The IRS has announced the 2027 contribution limits for Health Savings Accounts (HSAs) and High-Deductible Health Plans (HDHPs), and there’s good news! Limits are increasing, giving you more room to save for both today’s care and tomorrow’s healthcare expenses.
| 2026 | 2027 | |
|---|---|---|
| HSA Maximum Contribution: | ||
| Self-Only Coverage | $4,400 | $4,500 |
| Family Coverage | $8,750 | $9,000 |
| Age 55+ Catch Up Contribution | $1,000 | $1,000 |
| High-Deductible Health Plan (HDHP): | ||
| Annual Deductible-Single | $1,700 | $1,750 |
| Annual Deductible-Family | $3,400 | $3,500 |
| Maximum Out-of-Pocket-Single | $8,500 | $8,700 |
| Maximum Out-of-Pocket-Family | $17,000 | $17,400 |
Why This Matters
Higher limits mean more opportunity to save, grow, and prepare for future healthcare costs.
An HSA isn’t just a savings account; it’s a long-term healthcare strategy. With a triple tax advantage, your money works harder for you.
- Tax-free contributions
- Tax-free growth
- Tax-free withdrawals on qualified expenses
Taking just a few minutes now to review your contributions and plan ahead can help you prepare not only for next year, but for decades ahead.
Are you eligible?
You may be eligible to contribute to an HSA if you:
- Are enrolled in a qualifying High-Deductible Health Plan (HDHP)
- Have no other disqualifying health coverage
- Are not enrolled in Medicare
- Are not claimed as a dependent
With healthcare costs rising, especially later in life, your HSA can be a powerful way to save. If possible, aim to contribute the maximum and make the most of the tax benefits. Your HSA savings are yours to keep and never expire, even if you change jobs.
Can’t max it out right now? That’s okay. Start where you can. Every contribution helps. You can adjust your contribution amount at any time during the year, giving you flexibility as your needs change. Get started today by logging into your account at u.bpas.com or contacting your employer.
Spend Now… Or Save For Later?
One of the biggest advantages of an HSA is flexibility. With an HSA, you can utilize the assets to pay for current eligible medical expenses, whether it’s a $10 prescription or hundreds of dollars for a procedure. Or let your balance roll over year after year and continue growing for the future. A key benefit of an HSA is that you do not need to spend the money within a specific time frame. There’s no deadline to use your funds. Your money stays with you and can be saved and invested for the long term.
A Smart Strategy to Consider: Pay for healthcare expenses out of pocket now while saving your receipts.
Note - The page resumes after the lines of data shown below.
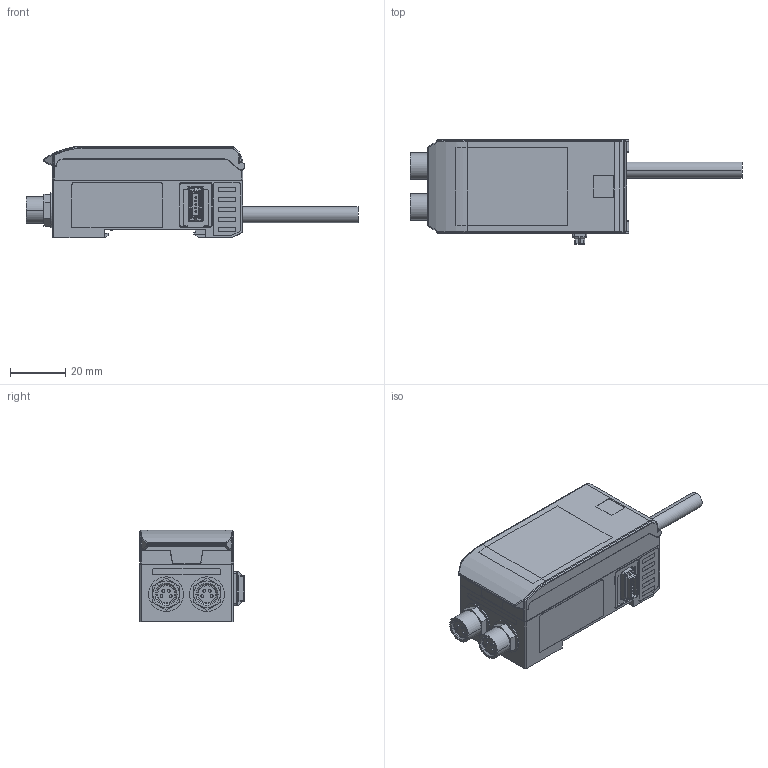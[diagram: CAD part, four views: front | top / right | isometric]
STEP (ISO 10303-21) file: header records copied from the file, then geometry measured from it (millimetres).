
FILE_DESCRIPTION(('Creo Elements/Direct Modeling STEP Export'),'2;1');
FILE_NAME('CDA_S.stp','2015-10-22T 9:35:44',(''),(''),'Creo Elements/Direct Modeling STEP processor for AP214 (Solid Model)','Creo Elements/Direct Modeling 18.1A 09-Jun-2012 (C) Parametric Technology GmbH','');
FILE_SCHEMA(('AUTOMOTIVE_DESIGN { 1 0 10303 214 1 1 1 1 }'));
Length unit declared in the file: millimetre
Products named in the file (2): Slave
Assembly tree (1 placements, depth 2):
  Slave
    Slave
Bounding box: 120.15 x 37.95 x 33.2 mm (x, y, z)
Volume: 71279.8 mm3; surface area: 20829.4 mm2
Topology: 1 solids, 1 shells, 1169 faces, 3054 edges, 1980 vertices
Faces by surface type: plane 661, cylinder 405, bspline 35, torus 32, extrusion 16, cone 12, sphere 8
Entity records: 42928 total; most frequent: CARTESIAN_POINT 11060, ORIENTED_EDGE 6092, DIRECTION 5646, EDGE_CURVE 3046, VECTOR 2014, LINE 1998, VERTEX_POINT 1980, AXIS2_PLACEMENT_3D 1816

Later, you can decide whether to reimburse yourself or let your HSA funds remain invested and continue growing.
This approach can offer:
- Long-term growth potential by keeping more funds invested
- Added financial flexibility if you need access to funds later
- Greater peace of mind knowing your savings are there when you need them
Even small expenses today could have a big impact on your future savings if left invested.
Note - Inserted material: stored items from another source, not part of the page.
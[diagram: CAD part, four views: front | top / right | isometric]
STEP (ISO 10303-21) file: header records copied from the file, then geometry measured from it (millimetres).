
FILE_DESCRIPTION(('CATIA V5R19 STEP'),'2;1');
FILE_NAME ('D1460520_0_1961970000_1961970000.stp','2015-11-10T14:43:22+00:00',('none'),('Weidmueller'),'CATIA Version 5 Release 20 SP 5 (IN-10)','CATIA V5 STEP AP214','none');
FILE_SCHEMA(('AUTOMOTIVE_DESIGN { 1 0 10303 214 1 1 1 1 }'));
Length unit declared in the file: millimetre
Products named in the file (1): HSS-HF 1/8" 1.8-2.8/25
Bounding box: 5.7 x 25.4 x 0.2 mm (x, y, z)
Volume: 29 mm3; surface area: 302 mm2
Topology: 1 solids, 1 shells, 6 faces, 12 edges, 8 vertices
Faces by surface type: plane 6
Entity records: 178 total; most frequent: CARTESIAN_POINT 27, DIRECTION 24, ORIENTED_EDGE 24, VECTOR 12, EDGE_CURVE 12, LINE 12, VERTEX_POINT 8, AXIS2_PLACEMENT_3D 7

Is your HSA working as hard as you are?
According to the Employee Benefit Research Institute and Greenwald Research, 2025 Consumer Engagement in Health Care Survey31% viewed their HSA as an investment account and 35% were using their HSA to save for health care expenses in retirement. If you are viewing your HSA as a long-term investment, consider that:
- Your HSA at BPAS allows you to invest from the very first dollar
- There’s no minimum cash reserve required
- You have access to a variety of mutual fund options
- Your balance may have been defaulted into a stable value investment. If you’re considering saving for the longer term, it’s worth taking a moment to review your allocations.
Check In on Your Financial Health.
Just like you schedule annual checkups for your health, it’s important to review your financial wellness too.
- Update your HSA contributions
- Review your investment options
- Learn more about Health Savings Accounts
Your HSA can be a powerful tool for both today’s healthcare expenses and tomorrow’s goals.